Task prompt:
Every entry must be reproduced word for word.

(Records from a data source)
════

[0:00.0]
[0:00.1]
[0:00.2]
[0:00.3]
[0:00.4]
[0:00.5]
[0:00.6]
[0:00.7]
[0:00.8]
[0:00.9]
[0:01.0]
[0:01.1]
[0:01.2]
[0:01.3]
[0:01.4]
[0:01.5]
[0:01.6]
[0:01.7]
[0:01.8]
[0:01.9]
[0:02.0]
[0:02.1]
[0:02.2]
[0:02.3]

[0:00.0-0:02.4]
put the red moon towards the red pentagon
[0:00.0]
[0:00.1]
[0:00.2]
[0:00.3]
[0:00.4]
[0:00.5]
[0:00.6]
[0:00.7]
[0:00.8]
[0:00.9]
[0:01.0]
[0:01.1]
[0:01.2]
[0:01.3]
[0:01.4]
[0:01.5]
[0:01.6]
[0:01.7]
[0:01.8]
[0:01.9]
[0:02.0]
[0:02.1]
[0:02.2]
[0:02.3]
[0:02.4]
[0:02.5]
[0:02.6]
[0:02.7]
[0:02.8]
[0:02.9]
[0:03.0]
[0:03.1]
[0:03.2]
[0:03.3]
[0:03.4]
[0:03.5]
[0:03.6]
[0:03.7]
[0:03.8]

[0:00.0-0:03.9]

════

Result below:
[0:00.0]
[0:00.1]
[0:00.2]
[0:00.3]
[0:00.4]
[0:00.5]
[0:00.6]
[0:00.7]
[0:00.8]
[0:00.9]
[0:01.0]
[0:01.1]
[0:01.2]
[0:01.3]
[0:01.4]
[0:01.5]
[0:01.6]
[0:01.7]
[0:01.8]
[0:01.9]
[0:02.0]
[0:02.1]
[0:02.2]
[0:02.3]

[0:00.0-0:02.4]
put the red moon towards the red pentagon
[0:00.0]
[0:00.1]
[0:00.2]
[0:00.3]
[0:00.4]
[0:00.5]
[0:00.6]
[0:00.7]
[0:00.8]
[0:00.9]
[0:01.0]
[0:01.1]
[0:01.2]
[0:01.3]
[0:01.4]
[0:01.5]
[0:01.6]
[0:01.7]
[0:01.8]
[0:01.9]
[0:02.0]
[0:02.1]
[0:02.2]
[0:02.3]
[0:02.4]
[0:02.5]
[0:02.6]
[0:02.7]
[0:02.8]
[0:02.9]
[0:03.0]
[0:03.1]
[0:03.2]
[0:03.3]
[0:03.4]
[0:03.5]
[0:03.6]
[0:03.7]
[0:03.8]

[0:00.0-0:03.9]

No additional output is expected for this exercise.